**WHAT TO WORK ON:** The answer must consist of every line below that holds the word "stone".

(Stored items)
*** Block opens ***

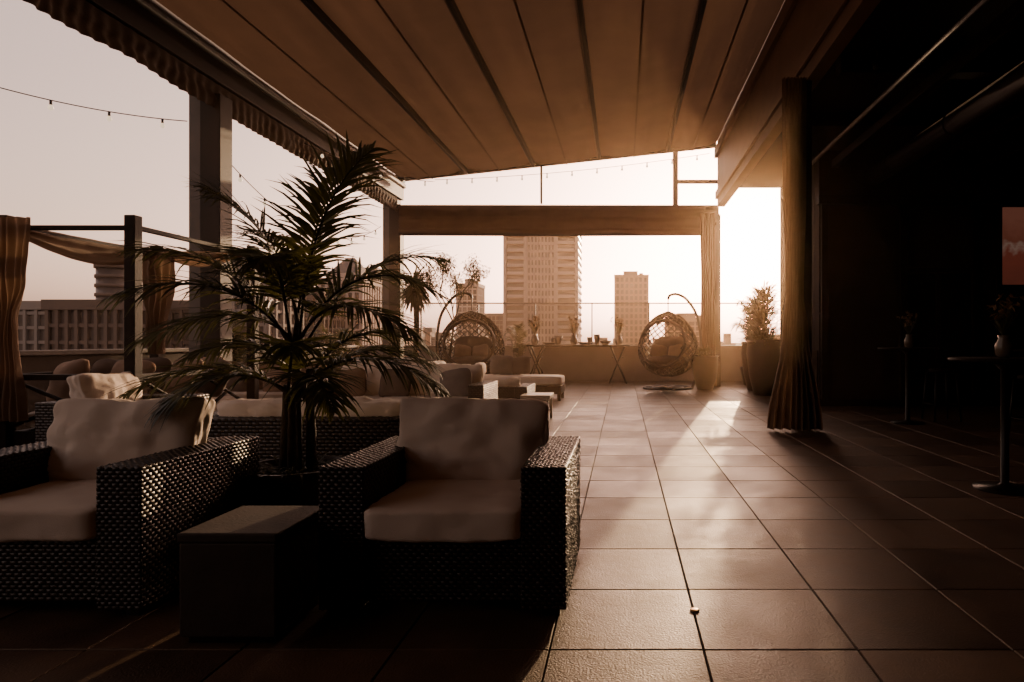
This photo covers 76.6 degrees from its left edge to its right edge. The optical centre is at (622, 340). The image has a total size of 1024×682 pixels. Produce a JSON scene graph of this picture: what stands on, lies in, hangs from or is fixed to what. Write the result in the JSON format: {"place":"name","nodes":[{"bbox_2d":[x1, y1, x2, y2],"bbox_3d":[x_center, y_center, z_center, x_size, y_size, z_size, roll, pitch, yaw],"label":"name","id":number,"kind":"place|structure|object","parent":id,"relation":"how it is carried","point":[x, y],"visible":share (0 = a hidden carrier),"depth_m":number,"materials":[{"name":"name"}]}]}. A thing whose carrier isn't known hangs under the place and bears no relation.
{"place":"outdoors","nodes":[
{"label":"outdoors","id":0,"kind":"place"},
{"bbox_2d":[18,301,44,349],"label":"office building","id":1,"kind":"structure","parent":0,"point":[31,325],"depth_m":139.50,"materials":[{"name":"grey concrete"}]},
{"bbox_2d":[41,299,167,349],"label":"brown office building","id":2,"kind":"structure","parent":0,"point":[73,324],"depth_m":119.40,"materials":[{"name":"concrete"}]},
{"bbox_2d":[93,264,123,298],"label":"round tower","id":3,"kind":"structure","parent":0,"point":[107,279],"depth_m":217.90,"materials":[{"name":"grey concrete"}]},
{"bbox_2d":[232,309,267,361],"bbox_3d":[-7.260,0.289,11.969,1.181,1.861,1.456,0,0,0],"label":"potted areca palm","id":4,"kind":"object","parent":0,"point":[236,351],"visible":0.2,"depth_m":11.85,"materials":[{"name":"green plant"}]},
{"bbox_2d":[232,260,303,345],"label":"grey office building","id":5,"kind":"structure","parent":0,"point":[280,317],"depth_m":152.61,"materials":[{"name":"concrete"}]},
{"bbox_2d":[304,287,345,343],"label":"brick building","id":6,"kind":"structure","parent":0,"point":[337,322],"depth_m":201.89,"materials":[{"name":"brown brick"}]},
{"bbox_2d":[318,258,381,344],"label":"hotel building","id":7,"kind":"structure","parent":0,"point":[344,265],"depth_m":223.28,"materials":[{"name":"concrete"}]},
{"bbox_2d":[364,267,382,343],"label":"condominium tower","id":8,"kind":"structure","parent":0,"point":[381,294],"depth_m":245.38,"materials":[{"name":"grey concrete"}]},
{"bbox_2d":[0,0,779,342],"label":"sky","id":9,"kind":"structure","parent":0,"point":[66,164],"materials":[{"name":"white"}]},
{"bbox_2d":[455,279,484,338],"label":"apartment building","id":10,"kind":"structure","parent":0,"point":[478,294],"depth_m":350.00,"materials":[{"name":"concrete"}]},
{"bbox_2d":[485,313,502,344],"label":"office building","id":11,"kind":"structure","parent":0,"point":[496,319],"depth_m":499.50,"materials":[{"name":"grey concrete"}]},
{"bbox_2d":[503,236,581,344],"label":"apartment tower","id":12,"kind":"structure","parent":0,"point":[541,269],"depth_m":249.24,"materials":[{"name":"concrete"}]},
{"bbox_2d":[614,271,648,344],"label":"office tower","id":13,"kind":"structure","parent":0,"point":[631,286],"depth_m":419.50,"materials":[{"name":"beige concrete"}]},
{"bbox_2d":[664,313,700,344],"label":"residential building","id":14,"kind":"structure","parent":0,"point":[690,319],"depth_m":400.00,"materials":[{"name":"beige concrete"}]},
{"label":"ground","id":15,"kind":"structure","parent":0,"visible":0},
{"bbox_2d":[168,300,188,347],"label":"stone building","id":16,"kind":"structure","parent":15,"relation":"on","point":[182,309],"depth_m":129.34,"materials":[{"name":"beige stone"}]},
{"bbox_2d":[404,327,779,344],"bbox_3d":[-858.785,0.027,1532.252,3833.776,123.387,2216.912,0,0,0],"label":"distant city buildings","id":17,"kind":"structure","parent":15,"relation":"on","point":[725,341],"depth_m":1672.24,"materials":[{"name":"grey concrete"}]},
{"bbox_2d":[373,381,880,681],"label":"terrace slab","id":18,"kind":"structure","parent":15,"relation":"on","point":[680,563],"depth_m":3.02,"materials":[{"name":"tile"}]},
{"bbox_2d":[16,345,360,429],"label":"parapet wall","id":19,"kind":"structure","parent":18,"relation":"on","point":[34,361],"depth_m":8.96,"materials":[{"name":"paint"}]},
{"bbox_2d":[0,381,1023,681],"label":"tiled floor","id":20,"kind":"structure","parent":18,"relation":"on","point":[900,547],"depth_m":3.15,"materials":[{"name":"brown tile"}]},
{"bbox_2d":[35,371,208,441],"bbox_3d":[-4.798,0.760,6.200,0.953,0.919,1.009,0,0,0],"label":"wicker armchair","id":21,"kind":"object","parent":20,"relation":"on","point":[92,385],"visible":0.13,"depth_m":5.92,"materials":[{"name":"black fabric"}]},
{"bbox_2d":[0,215,258,448],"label":"cabana daybed","id":22,"kind":"object","parent":20,"relation":"on","point":[18,235],"visible":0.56,"depth_m":6.53,"materials":[{"name":"beige fabric"}]},
{"bbox_2d":[0,396,259,614],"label":"wicker armchair","id":23,"kind":"object","parent":20,"relation":"on","point":[104,503],"visible":0.91,"depth_m":2.97,"materials":[{"name":"black wicker"}]},
{"bbox_2d":[177,506,319,642],"bbox_3d":[-1.585,0.995,2.765,0.400,0.450,0.440,0,0,0],"label":"side table","id":24,"kind":"object","parent":20,"relation":"on","point":[249,574],"visible":0.85,"depth_m":2.55,"materials":[{"name":"wood"}]},
{"bbox_2d":[201,361,326,398],"bbox_3d":[-5.300,0.755,9.446,1.908,0.931,0.956,0,0,0],"label":"wicker sofa","id":25,"kind":"object","parent":20,"relation":"on","point":[274,395],"visible":0.02,"depth_m":9.06,"materials":[{"name":"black fabric"}]},
{"bbox_2d":[225,376,246,391],"bbox_3d":[-5.600,0.561,9.248,0.436,0.406,0.173,3,-17,11],"label":"throw pillow","id":26,"kind":"object","parent":25,"relation":"on","point":[240,386],"visible":0.24,"depth_m":9.15,"materials":[{"name":"brown fabric"}]},
{"bbox_2d":[263,366,287,391],"bbox_3d":[-4.999,0.558,9.198,0.442,0.405,0.165,-3,-18,14],"label":"throw pillow","id":27,"kind":"object","parent":25,"relation":"on","point":[272,389],"visible":0.38,"depth_m":9.13,"materials":[{"name":"beige fabric"}]},
{"bbox_2d":[92,129,456,505],"bbox_3d":[-1.967,-0.021,3.901,2.008,2.482,1.734,0,0,0],"label":"potted palm","id":28,"kind":"object","parent":20,"relation":"on","point":[289,475],"visible":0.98,"depth_m":3.71,"materials":[{"name":"green plant"}]},
{"bbox_2d":[208,396,400,460],"bbox_3d":[-2.350,0.821,5.053,1.759,0.799,0.955,0,0,0],"label":"wicker sofa","id":29,"kind":"object","parent":20,"relation":"on","point":[337,436],"visible":0.32,"depth_m":4.59,"materials":[{"name":"black wicker"}]},
{"bbox_2d":[305,323,362,358],"bbox_3d":[-7.221,0.379,16.080,1.380,1.682,1.496,0,0,0],"label":"potted areca palm","id":30,"kind":"object","parent":20,"relation":"on","point":[357,343],"visible":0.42,"depth_m":15.92,"materials":[{"name":"green plant"}]},
{"bbox_2d":[330,357,423,374],"bbox_3d":[-4.600,0.762,11.846,2.009,0.916,0.957,0,0,0],"label":"wicker sofa","id":31,"kind":"object","parent":20,"relation":"on","point":[383,362],"depth_m":11.97,"materials":[{"name":"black fabric"}]},
{"bbox_2d":[334,360,354,369],"bbox_3d":[-5.100,0.560,11.702,0.444,0.406,0.173,-11,-18,3],"label":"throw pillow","id":32,"kind":"object","parent":31,"relation":"on","point":[348,363],"visible":0.02,"depth_m":11.66,"materials":[{"name":"beige fabric"}]},
{"bbox_2d":[323,363,497,399],"bbox_3d":[-2.850,0.759,8.447,2.209,0.922,0.955,0,0,0],"label":"wicker sofa","id":33,"kind":"object","parent":20,"relation":"on","point":[479,388],"visible":0.16,"depth_m":8.54,"materials":[{"name":"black fabric"}]},
{"bbox_2d":[331,368,366,396],"bbox_3d":[-3.598,0.562,8.349,0.446,0.403,0.170,-7,-16,-9],"label":"throw pillow","id":34,"kind":"object","parent":33,"relation":"on","point":[360,373],"visible":0.48,"depth_m":8.30,"materials":[{"name":"beige fabric"}]},
{"bbox_2d":[378,368,412,396],"bbox_3d":[-3.002,0.559,8.400,0.440,0.406,0.168,0,-17,8],"label":"throw pillow","id":35,"kind":"object","parent":33,"relation":"on","point":[387,390],"visible":0.62,"depth_m":8.32,"materials":[{"name":"beige fabric"}]},
{"bbox_2d":[440,368,471,396],"bbox_3d":[-2.200,0.559,8.379,0.439,0.401,0.169,-8,-18,7],"label":"throw pillow","id":36,"kind":"object","parent":33,"relation":"on","point":[457,382],"visible":0.69,"depth_m":8.32,"materials":[{"name":"beige fabric"}]},
{"bbox_2d":[392,263,437,356],"bbox_3d":[-4.774,-0.318,14.621,1.185,3.077,1.101,0,0,0],"label":"potted yucca","id":37,"kind":"object","parent":20,"relation":"on","point":[413,299],"visible":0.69,"depth_m":14.48,"materials":[{"name":"green plant"}]},
{"bbox_2d":[22,0,811,429],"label":"retractable roof pergola","id":38,"kind":"object","parent":20,"relation":"on","point":[434,88],"visible":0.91,"depth_m":10.92,"materials":[{"name":"fabric"}]},
{"bbox_2d":[232,165,380,243],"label":"string lights","id":39,"kind":"object","parent":38,"relation":"hanging from","point":[240,180],"visible":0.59,"depth_m":11.93,"materials":[{"name":"black plastic"}]},
{"bbox_2d":[305,143,434,185],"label":"string lights","id":40,"kind":"object","parent":38,"relation":"hanging from","point":[322,155],"visible":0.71,"depth_m":14.72,"materials":[{"name":"black plastic"}]},
{"bbox_2d":[435,153,709,183],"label":"string lights","id":41,"kind":"object","parent":38,"relation":"hanging from","point":[571,171],"visible":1,"depth_m":16.89,"materials":[{"name":"black plastic"}]},
{"bbox_2d":[700,213,716,385],"bbox_3d":[2.252,-1.092,16.878,0.492,4.576,0.196,0,0,0],"label":"pergola curtain","id":42,"kind":"object","parent":38,"relation":"hanging from","point":[707,236],"visible":0.83,"depth_m":16.88,"materials":[{"name":"fabric"}]},
{"bbox_2d":[767,76,822,430],"bbox_3d":[2.322,-1.182,8.592,0.745,4.756,0.236,0,0,0],"label":"pergola curtain","id":43,"kind":"object","parent":38,"relation":"hanging from","point":[795,404],"visible":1,"depth_m":8.59,"materials":[{"name":"fabric"}]},
{"bbox_2d":[714,0,880,206],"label":"fascia","id":44,"kind":"structure","parent":38,"relation":"attached to","point":[810,40],"depth_m":10.31,"materials":[{"name":"brown wood"}]},
{"bbox_2d":[429,360,445,363],"bbox_3d":[-3.153,0.764,9.900,0.955,0.912,1.008,0,0,0],"label":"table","id":45,"kind":"object","parent":20,"relation":"on","point":[439,362],"visible":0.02,"depth_m":9.92,"materials":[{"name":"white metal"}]},
{"bbox_2d":[318,397,580,614],"bbox_3d":[-0.795,0.761,3.246,1.099,0.919,0.956,0,0,0],"label":"wicker armchair","id":46,"kind":"object","parent":20,"relation":"on","point":[453,499],"visible":1,"depth_m":2.84,"materials":[{"name":"black wicker"}]},
{"bbox_2d":[420,252,490,357],"bbox_3d":[-3.880,-0.465,15.307,1.328,3.369,2.176,0,0,45],"label":"potted tree","id":47,"kind":"object","parent":20,"relation":"on","point":[475,274],"visible":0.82,"depth_m":15.14,"materials":[{"name":"green plant"}]},
{"bbox_2d":[436,292,504,373],"bbox_3d":[-3.790,-0.004,15.856,1.691,2.438,1.500,0,0,-6],"label":"hanging egg chair","id":48,"kind":"object","parent":20,"relation":"on","point":[472,349],"visible":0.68,"depth_m":15.60,"materials":[{"name":"wicker"}]},
{"bbox_2d":[483,376,534,398],"bbox_3d":[-2.150,0.893,10.454,1.308,0.653,0.957,0,0,0],"label":"wicker sofa","id":49,"kind":"object","parent":20,"relation":"on","point":[512,387],"visible":0.27,"depth_m":10.12,"materials":[{"name":"brown wicker"}]},
{"bbox_2d":[502,323,531,356],"bbox_3d":[-3.052,0.339,18.577,0.936,1.761,0.962,0,0,34],"label":"potted areca palm","id":50,"kind":"object","parent":20,"relation":"on","point":[518,348],"visible":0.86,"depth_m":18.49,"materials":[{"name":"green plant"}]},
{"bbox_2d":[475,355,564,400],"bbox_3d":[-2.201,0.758,13.326,1.912,0.924,0.860,0,0,0],"label":"chaise lounge","id":51,"kind":"object","parent":20,"relation":"on","point":[508,366],"visible":0.7,"depth_m":13.33,"materials":[{"name":"beige fabric"}]},
{"bbox_2d":[520,392,553,418],"bbox_3d":[-1.325,1.020,9.875,0.450,0.400,0.550,0,0,0],"label":"coffee table","id":52,"kind":"object","parent":20,"relation":"on","point":[547,396],"visible":0.44,"depth_m":9.67,"materials":[{"name":"white paint"}]},
{"bbox_2d":[360,345,742,380],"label":"parapet wall","id":53,"kind":"structure","parent":20,"relation":"on","point":[584,363],"depth_m":19.40,"materials":[{"name":"paint"}]},
{"bbox_2d":[420,303,750,344],"bbox_3d":[-0.950,-0.525,19.570,10.600,1.310,0.080,0,0,0],"label":"glass railing","id":54,"kind":"object","parent":53,"relation":"on","point":[563,303],"visible":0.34,"depth_m":19.53,"materials":[{"name":"white"}]},
{"bbox_2d":[526,345,629,383],"bbox_3d":[-1.285,0.669,18.450,2.970,1.118,0.700,0,0,0],"label":"buffet table","id":55,"kind":"object","parent":20,"relation":"on","point":[537,360],"visible":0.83,"depth_m":18.13,"materials":[{"name":"brown wood"}]},
{"bbox_2d":[528,316,541,344],"bbox_3d":[-2.551,-0.321,18.389,0.447,0.862,0.633,0,0,0],"label":"flower vase","id":56,"kind":"object","parent":55,"relation":"on","point":[534,329],"visible":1,"depth_m":18.34,"materials":[{"name":"ceramic"}]},
{"bbox_2d":[565,316,581,344],"bbox_3d":[-1.443,-0.319,18.372,0.548,0.858,0.536,0,0,0],"label":"flower vase","id":57,"kind":"object","parent":55,"relation":"on","point":[573,338],"visible":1,"depth_m":18.34,"materials":[{"name":"ceramic"}]},
{"bbox_2d":[542,334,610,344],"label":"serving bowls","id":58,"kind":"object","parent":55,"relation":"on","point":[556,340],"visible":1,"depth_m":18.21,"materials":[{"name":"ceramic"}]},
{"bbox_2d":[610,315,624,344],"bbox_3d":[-0.166,-0.321,18.374,0.492,0.863,0.519,0,0,-7],"label":"flower vase","id":59,"kind":"object","parent":55,"relation":"on","point":[619,325],"visible":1,"depth_m":18.34,"materials":[{"name":"ceramic"}]},
{"bbox_2d":[638,293,701,390],"bbox_3d":[1.220,-0.004,16.235,1.650,2.438,1.425,0,0,20],"label":"hanging egg chair","id":60,"kind":"object","parent":20,"relation":"on","point":[667,353],"visible":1,"depth_m":15.94,"materials":[{"name":"wicker"}]},
{"bbox_2d":[690,608,699,612],"bbox_3d":[0.325,1.216,2.880,0.044,0.006,0.044,0,0,0],"label":"floor drain cap","id":61,"kind":"object","parent":20,"relation":"on","point":[695,610],"visible":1,"depth_m":2.87,"materials":[{"name":"silver metal"}]},
{"bbox_2d":[692,344,721,389],"bbox_3d":[2.060,0.614,15.954,0.795,1.212,0.792,0,0,-33],"label":"planter urn","id":62,"kind":"object","parent":20,"relation":"on","point":[705,367],"visible":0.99,"depth_m":15.67,"materials":[{"name":"brown ceramic"}]},
{"bbox_2d":[731,299,761,384],"bbox_3d":[3.537,-0.015,17.641,1.138,2.470,1.236,0,0,29],"label":"potted areca palm","id":63,"kind":"object","parent":20,"relation":"on","point":[744,314],"visible":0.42,"depth_m":17.62,"materials":[{"name":"green plant"}]},
{"bbox_2d":[735,293,774,390],"bbox_3d":[3.287,-0.041,15.697,1.048,2.521,1.037,0,0,0],"label":"planter urn","id":64,"kind":"object","parent":20,"relation":"on","point":[745,365],"visible":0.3,"depth_m":15.58,"materials":[{"name":"green plant"}]},
{"bbox_2d":[743,279,782,395],"bbox_3d":[3.203,-0.102,14.391,1.085,2.644,1.128,0,0,0],"label":"planter urn","id":65,"kind":"object","parent":20,"relation":"on","point":[763,353],"visible":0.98,"depth_m":14.16,"materials":[{"name":"brown ceramic"}]},
{"bbox_2d":[780,346,816,382],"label":"stone wall","id":66,"kind":"structure","parent":20,"relation":"on","point":[814,357],"depth_m":12.10,"materials":[{"name":"stone"}]},
{"bbox_2d":[780,151,1023,398],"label":"walls","id":67,"kind":"structure","parent":20,"relation":"on","point":[863,281],"depth_m":12.00,"materials":[{"name":"paint"}]},
{"bbox_2d":[739,0,1023,187],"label":"soffit","id":68,"kind":"structure","parent":67,"relation":"attached to","point":[980,50],"depth_m":8.73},
{"bbox_2d":[812,0,1023,184],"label":"ceiling ducts","id":69,"kind":"object","parent":68,"relation":"attached to","point":[1004,90],"visible":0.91,"depth_m":8.69,"materials":[{"name":"metal"}]},
{"bbox_2d":[998,205,1023,287],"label":"wall television","id":70,"kind":"object","parent":67,"relation":"attached to","point":[1010,246],"depth_m":11.85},
{"bbox_2d":[877,347,938,424],"bbox_3d":[4.250,0.660,9.500,0.840,1.120,0.840,0,0,0],"label":"cocktail table","id":71,"kind":"object","parent":20,"relation":"on","point":[907,353],"visible":0.98,"depth_m":9.47,"materials":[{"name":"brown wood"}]},
{"bbox_2d":[896,310,916,347],"bbox_3d":[4.263,-0.178,9.493,0.313,0.556,0.321,0,0,-35],"label":"flower vase","id":72,"kind":"object","parent":71,"relation":"on","point":[908,341],"visible":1,"depth_m":9.46,"materials":[{"name":"ceramic"}]},
{"bbox_2d":[817,194,1023,405],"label":"wall trim","id":73,"kind":"structure","parent":20,"relation":"on","point":[903,201],"depth_m":11.90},
{"bbox_2d":[907,273,970,398],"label":"glass doors","id":74,"kind":"structure","parent":73,"relation":"attached to","point":[955,312],"depth_m":11.95,"materials":[{"name":"black glass"}]},
{"bbox_2d":[921,368,961,421],"bbox_3d":[4.900,0.821,9.800,0.424,0.801,0.428,0,0,0],"label":"bar stool","id":75,"kind":"object","parent":20,"relation":"on","point":[942,370],"visible":1,"depth_m":9.66,"materials":[{"name":"black metal"}]},
{"bbox_2d":[948,357,1023,495],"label":"cocktail table","id":76,"kind":"object","parent":20,"relation":"on","point":[1004,486],"visible":1,"depth_m":5.22,"materials":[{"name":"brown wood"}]},
{"bbox_2d":[986,293,1023,357],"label":"flower vase","id":77,"kind":"object","parent":76,"relation":"on","point":[1003,345],"visible":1,"depth_m":5.27,"materials":[{"name":"ceramic"}]},
{"bbox_3d":[-9.600,28.645,6.600,0.080,64.950,0.080,0,0,0],"label":"light pole","id":78,"kind":"object","parent":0,"visible":0},
{"bbox_2d":[0,87,186,127],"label":"string lights","id":79,"kind":"object","parent":78,"relation":"attached to","point":[108,118],"visible":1,"depth_m":8.83,"materials":[{"name":"black plastic"}]}
]}

*** Block closes ***

**EXERCISE RESULT:**
{"bbox_2d":[168,300,188,347],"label":"stone building","id":16,"kind":"structure","parent":15,"relation":"on","point":[182,309],"depth_m":129.34,"materials":[{"name":"beige stone"}]},
{"bbox_2d":[780,346,816,382],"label":"stone wall","id":66,"kind":"structure","parent":20,"relation":"on","point":[814,357],"depth_m":12.10,"materials":[{"name":"stone"}]},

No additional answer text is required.